(EXERCISE INPUT begins)

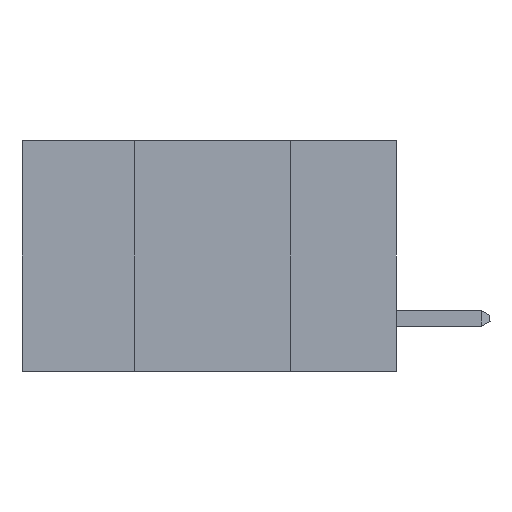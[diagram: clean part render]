
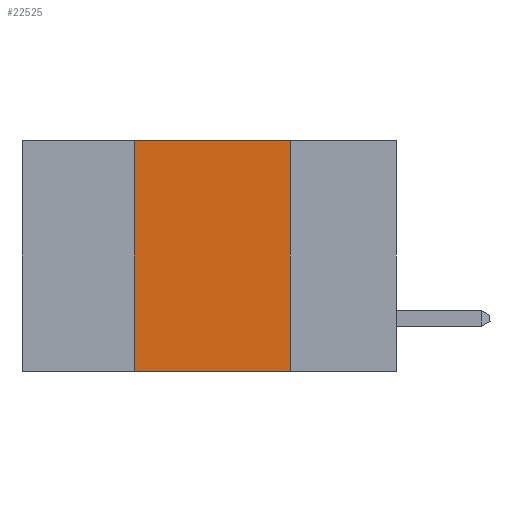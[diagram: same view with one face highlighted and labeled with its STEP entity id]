
A CAD part, left-side view. The second image highlights one B-rep face of the part: STEP entity #22525.
In plain terms, the highlighted planar face has unit normal (-1, 0, 0).
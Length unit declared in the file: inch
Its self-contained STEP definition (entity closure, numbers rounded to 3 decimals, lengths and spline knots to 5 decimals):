
#2137 = VECTOR ( 'NONE', #8924, 39.37008 ) ;
#2157 = DIRECTION ( 'NONE',  ( 0., 0., -1. ) ) ;
#4317 = CARTESIAN_POINT ( 'NONE',  ( 0., 0.17, 0. ) ) ;
#4736 = DIRECTION ( 'NONE',  ( 0., 0., -1. ) ) ;
#4970 = VERTEX_POINT ( 'NONE', #18618 ) ;
#5869 = CARTESIAN_POINT ( 'NONE',  ( 0., 0.42, -0.37 ) ) ;
#6764 = CARTESIAN_POINT ( 'NONE',  ( 0., 0.17, 0. ) ) ;
#6778 = VECTOR ( 'NONE', #4736, 39.37008 ) ;
#7191 = LINE ( 'NONE', #4317, #6778 ) ;
#7351 = CARTESIAN_POINT ( 'NONE',  ( 0., 0.6, 0. ) ) ;
#7791 = VECTOR ( 'NONE', #11545, 39.37008 ) ;
#8197 = LINE ( 'NONE', #28843, #11672 ) ;
#8622 = CARTESIAN_POINT ( 'NONE',  ( 0., 0.6, 0. ) ) ;
#8924 = DIRECTION ( 'NONE',  ( 0., -1., 0. ) ) ;
#9264 = DIRECTION ( 'NONE',  ( 0., -1., 0. ) ) ;
#10277 = EDGE_LOOP ( 'NONE', ( #17517, #23059, #27552, #16369 ) ) ;
#11545 = DIRECTION ( 'NONE',  ( 0., 0., 1. ) ) ;
#11672 = VECTOR ( 'NONE', #9264, 39.37008 ) ;
#11846 = EDGE_CURVE ( 'NONE', #19758, #21047, #8197, .T. ) ;
#12212 = LINE ( 'NONE', #8622, #2137 ) ;
#14054 = EDGE_CURVE ( 'NONE', #19758, #4970, #15985, .T. ) ;
#14817 = AXIS2_PLACEMENT_3D ( 'NONE', #7351, #22081, #2157 ) ;
#15202 = EDGE_CURVE ( 'NONE', #4970, #16863, #12212, .T. ) ;
#15985 = LINE ( 'NONE', #26147, #7791 ) ;
#16079 = CARTESIAN_POINT ( 'NONE',  ( 0., 0.17, -0.37 ) ) ;
#16369 = ORIENTED_EDGE ( 'NONE', *, *, #11846, .T. ) ;
#16863 = VERTEX_POINT ( 'NONE', #6764 ) ;
#17517 = ORIENTED_EDGE ( 'NONE', *, *, #21882, .F. ) ;
#18618 = CARTESIAN_POINT ( 'NONE',  ( 0., 0.42, 0. ) ) ;
#19709 = PLANE ( 'NONE',  #14817 ) ;
#19758 = VERTEX_POINT ( 'NONE', #5869 ) ;
#21047 = VERTEX_POINT ( 'NONE', #16079 ) ;
#21882 = EDGE_CURVE ( 'NONE', #16863, #21047, #7191, .T. ) ;
#22081 = DIRECTION ( 'NONE',  ( 1., 0., 0. ) ) ;
#22525 = ADVANCED_FACE ( 'NONE', ( #25728 ), #19709, .F. ) ;
#23059 = ORIENTED_EDGE ( 'NONE', *, *, #15202, .F. ) ;
#25728 = FACE_OUTER_BOUND ( 'NONE', #10277, .T. ) ;
#26147 = CARTESIAN_POINT ( 'NONE',  ( 0., 0.42, 0. ) ) ;
#27552 = ORIENTED_EDGE ( 'NONE', *, *, #14054, .F. ) ;
#28843 = CARTESIAN_POINT ( 'NONE',  ( 0., 0.6, -0.37 ) ) ;

(EXERCISE INPUT ends)

ACTION ITEM: Output the records above exactly, omitting the pictures.

FINISHED TASK:
[diagram: clean part render]
[diagram: same view with one face highlighted and labeled with its STEP entity id]
A CAD part, left-side view. The second image highlights one B-rep face of the part: STEP entity #22525.
In plain terms, the highlighted planar face has unit normal (-1, 0, 0).
Length unit declared in the file: inch
Its self-contained STEP definition (entity closure, numbers rounded to 3 decimals, lengths and spline knots to 5 decimals):
#2137 = VECTOR ( 'NONE', #8924, 39.37008 ) ;
#2157 = DIRECTION ( 'NONE',  ( 0., 0., -1. ) ) ;
#4317 = CARTESIAN_POINT ( 'NONE',  ( 0., 0.17, 0. ) ) ;
#4736 = DIRECTION ( 'NONE',  ( 0., 0., -1. ) ) ;
#4970 = VERTEX_POINT ( 'NONE', #18618 ) ;
#5869 = CARTESIAN_POINT ( 'NONE',  ( 0., 0.42, -0.37 ) ) ;
#6764 = CARTESIAN_POINT ( 'NONE',  ( 0., 0.17, 0. ) ) ;
#6778 = VECTOR ( 'NONE', #4736, 39.37008 ) ;
#7191 = LINE ( 'NONE', #4317, #6778 ) ;
#7351 = CARTESIAN_POINT ( 'NONE',  ( 0., 0.6, 0. ) ) ;
#7791 = VECTOR ( 'NONE', #11545, 39.37008 ) ;
#8197 = LINE ( 'NONE', #28843, #11672 ) ;
#8622 = CARTESIAN_POINT ( 'NONE',  ( 0., 0.6, 0. ) ) ;
#8924 = DIRECTION ( 'NONE',  ( 0., -1., 0. ) ) ;
#9264 = DIRECTION ( 'NONE',  ( 0., -1., 0. ) ) ;
#10277 = EDGE_LOOP ( 'NONE', ( #17517, #23059, #27552, #16369 ) ) ;
#11545 = DIRECTION ( 'NONE',  ( 0., 0., 1. ) ) ;
#11672 = VECTOR ( 'NONE', #9264, 39.37008 ) ;
#11846 = EDGE_CURVE ( 'NONE', #19758, #21047, #8197, .T. ) ;
#12212 = LINE ( 'NONE', #8622, #2137 ) ;
#14054 = EDGE_CURVE ( 'NONE', #19758, #4970, #15985, .T. ) ;
#14817 = AXIS2_PLACEMENT_3D ( 'NONE', #7351, #22081, #2157 ) ;
#15202 = EDGE_CURVE ( 'NONE', #4970, #16863, #12212, .T. ) ;
#15985 = LINE ( 'NONE', #26147, #7791 ) ;
#16079 = CARTESIAN_POINT ( 'NONE',  ( 0., 0.17, -0.37 ) ) ;
#16369 = ORIENTED_EDGE ( 'NONE', *, *, #11846, .T. ) ;
#16863 = VERTEX_POINT ( 'NONE', #6764 ) ;
#17517 = ORIENTED_EDGE ( 'NONE', *, *, #21882, .F. ) ;
#18618 = CARTESIAN_POINT ( 'NONE',  ( 0., 0.42, 0. ) ) ;
#19709 = PLANE ( 'NONE',  #14817 ) ;
#19758 = VERTEX_POINT ( 'NONE', #5869 ) ;
#21047 = VERTEX_POINT ( 'NONE', #16079 ) ;
#21882 = EDGE_CURVE ( 'NONE', #16863, #21047, #7191, .T. ) ;
#22081 = DIRECTION ( 'NONE',  ( 1., 0., 0. ) ) ;
#22525 = ADVANCED_FACE ( 'NONE', ( #25728 ), #19709, .F. ) ;
#23059 = ORIENTED_EDGE ( 'NONE', *, *, #15202, .F. ) ;
#25728 = FACE_OUTER_BOUND ( 'NONE', #10277, .T. ) ;
#26147 = CARTESIAN_POINT ( 'NONE',  ( 0., 0.42, 0. ) ) ;
#27552 = ORIENTED_EDGE ( 'NONE', *, *, #14054, .F. ) ;
#28843 = CARTESIAN_POINT ( 'NONE',  ( 0., 0.6, -0.37 ) ) ;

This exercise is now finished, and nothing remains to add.